Appeal from a judgment of the Court of Claims (Lebous, J.), entered July 19, 2004, upon a decision of the court following a bifurcated trial in favor of defendant on the issue of liability.
In this negligence action, claimant asserts that injuries he sustained at the Elmira Correctional Facility in Chemung County (hereinafter Elmira) at the hands of another inmate were the result of defendant’s failure to provide adequate protection while he was incarcerated. After a bifurcated trial on the issue of liability, the Court of Claims dismissed the claim. On claimant’s appeal, we affirm.
“Having assumed physical custody of inmates . . . [defendant] owes a duty of care to safeguard inmates, even from attacks by fellow inmates” (Sanchez v State of New York, 99 NY2d 247, 252 [2002] [citations omitted]). This duty, however, is limited to providing reasonable care to protect inmates from risks of harm that defendant knew or should have known were foreseeable (see id. at 253-255; Elnandes v State of New York, 11 AD3d 828, 829 [2004]).
The gravamen of claimant’s argument is that defendant breached its duty to provide reasonable protection by denying his request for protective custody and otherwise failing to address the presence of gangs at Elmira. Claimant requested protective custody in 1998, shortly after he was transferred to Elmira, expressing fear based on problems with members of a particular gang. Specifically, claimant relied on an incident which occurred while claimant was incarcerated at Sing Sing Correctional Facility in Westchester County in 1996 where another inmate purportedly tried to extort funds from him. Claimant was granted temporary protective custody pending an *945investigation, which resulted in the conclusion that the Sing Sing incident arose out of a debt that claimant owed for narcotics. Finding no identifiable basis for claimant’s position that this event placed him at any heightened risk while at Elmira, protective custody was denied. Claimant made no additional requests for protective custody.

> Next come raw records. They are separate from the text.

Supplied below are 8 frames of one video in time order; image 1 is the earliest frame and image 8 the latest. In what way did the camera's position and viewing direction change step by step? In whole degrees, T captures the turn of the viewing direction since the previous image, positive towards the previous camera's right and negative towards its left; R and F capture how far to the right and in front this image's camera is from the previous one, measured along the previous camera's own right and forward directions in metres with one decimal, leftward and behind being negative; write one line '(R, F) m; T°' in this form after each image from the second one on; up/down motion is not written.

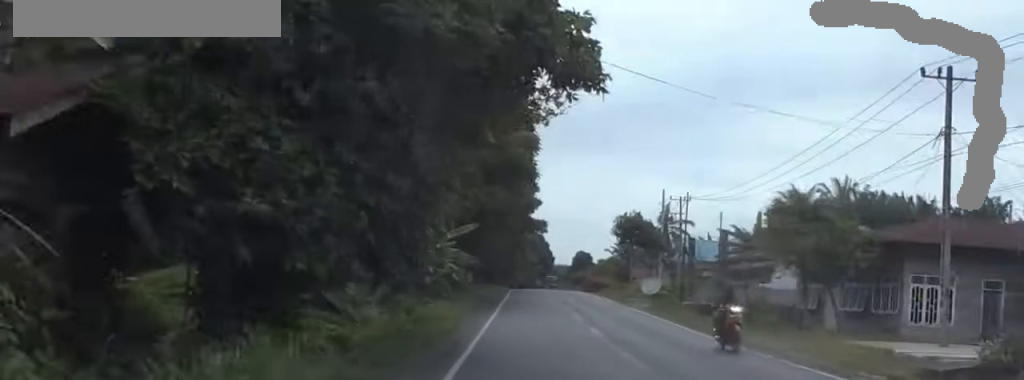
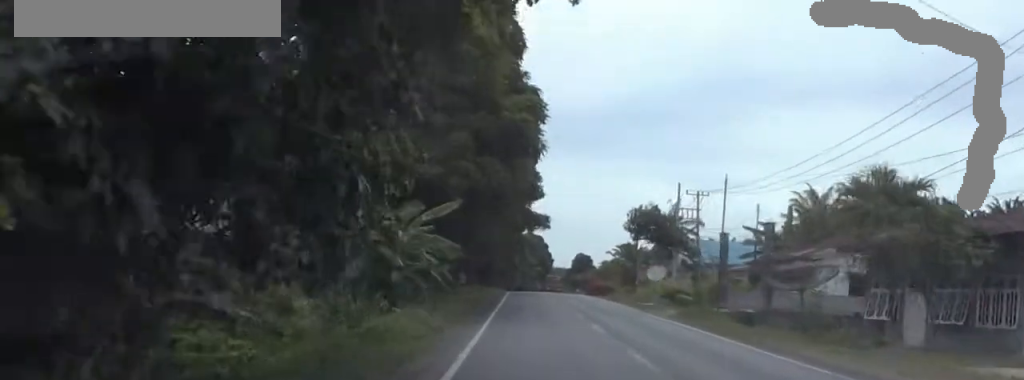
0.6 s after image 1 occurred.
(0.0, +8.8) m; 0°
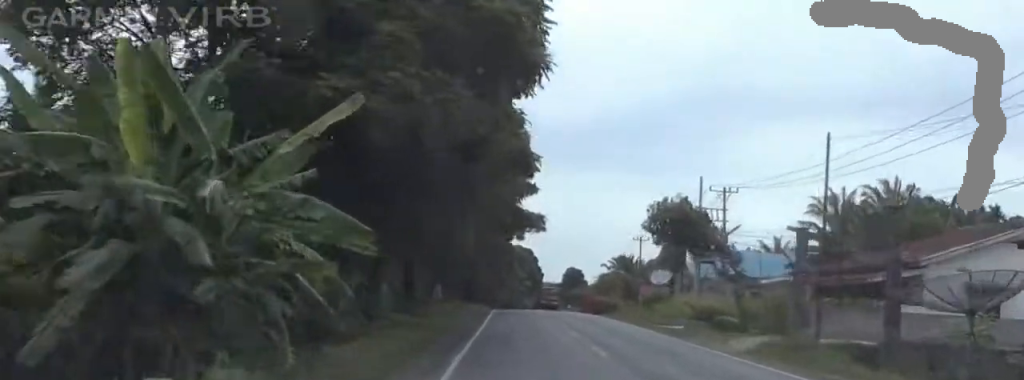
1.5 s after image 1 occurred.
(0.0, +14.4) m; 0°
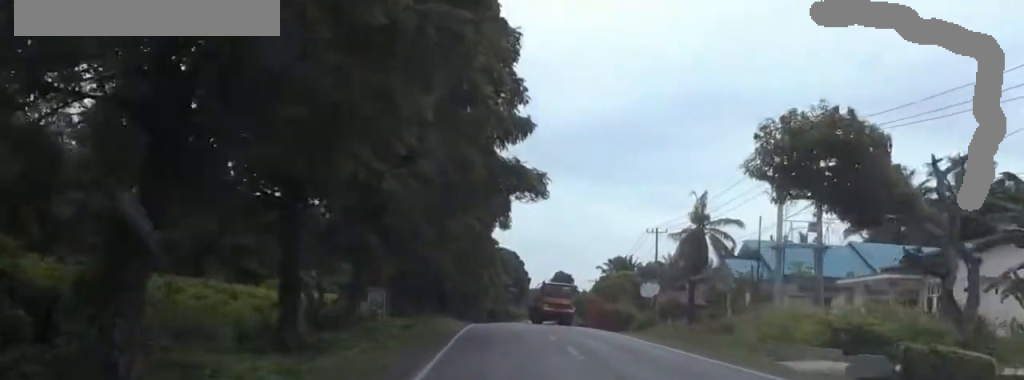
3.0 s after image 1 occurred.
(0.0, +23.2) m; 0°
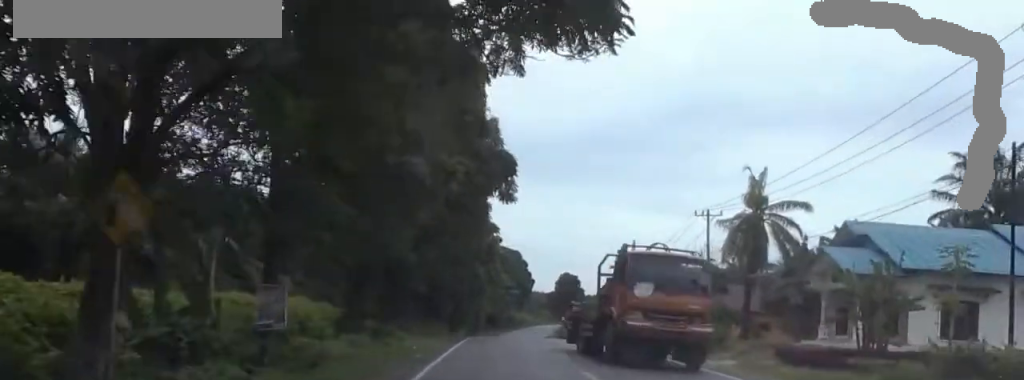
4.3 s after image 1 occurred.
(0.0, +21.3) m; 0°
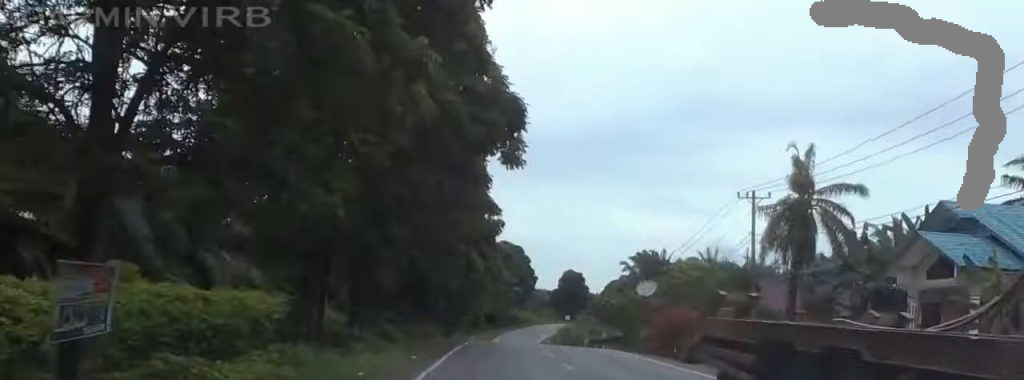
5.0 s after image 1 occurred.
(0.0, +11.3) m; 0°
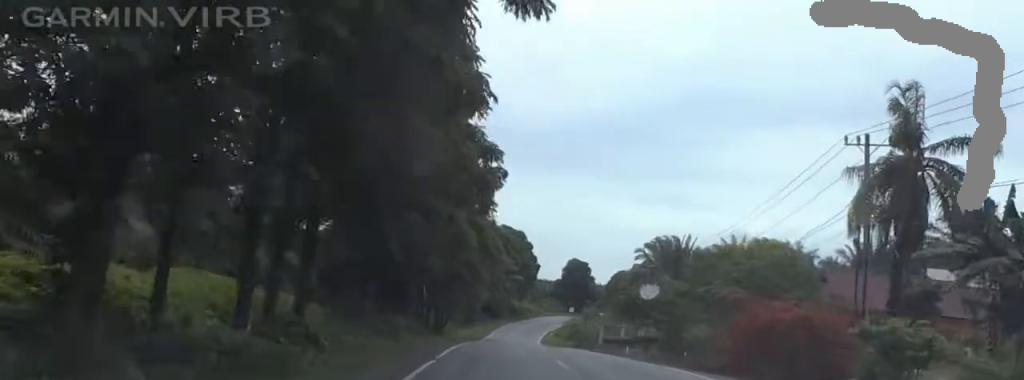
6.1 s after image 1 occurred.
(0.0, +16.9) m; +3°
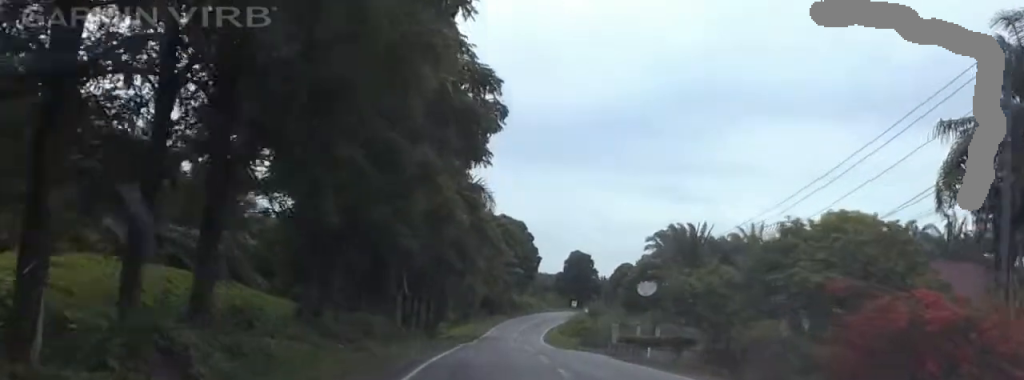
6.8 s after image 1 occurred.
(+0.6, +10.6) m; -2°

Over a year later while still incarcerated at Elmira, claimant was assaulted—his face cut—by another inmate who was never identified. Testimony was introduced that gangs had a presence at Elmira and that cutting someone in the manner which claimant was cut was an initiation ritual used by the particular gang from which claimant had sought protection. On the other hand, it was also established that assaults like the one perpetrated on claimant occur for a variety of other, nongangrelated, reasons. No direct evidence linked the unknown assailant to any gang. Further, claimant failed to establish any basis— beyond his unsupported claim that the 1996 Sing Sing incident was gang-related—for his contention that he was at special risk for an attack by a member of a gang. Affording due deference to the credibility determinations made by the Court of Claims (see Butler v New York State Olympic Regional Dev. Auth., 307 AD2d 694, 695 [2003]), we agree with the court that this evidence is insufficient to sustain claimant’s contention that the assault was the foreseeable result of any breach of duty on defendant’s part (see Elnandes v State of New York, supra at 829; Silvera v State of New York, 306 AD2d 269, 269 [2003]).
Crew III, J.P., Peters and Mugglin, JJ., concur. Ordered that the judgment is affirmed, without costs.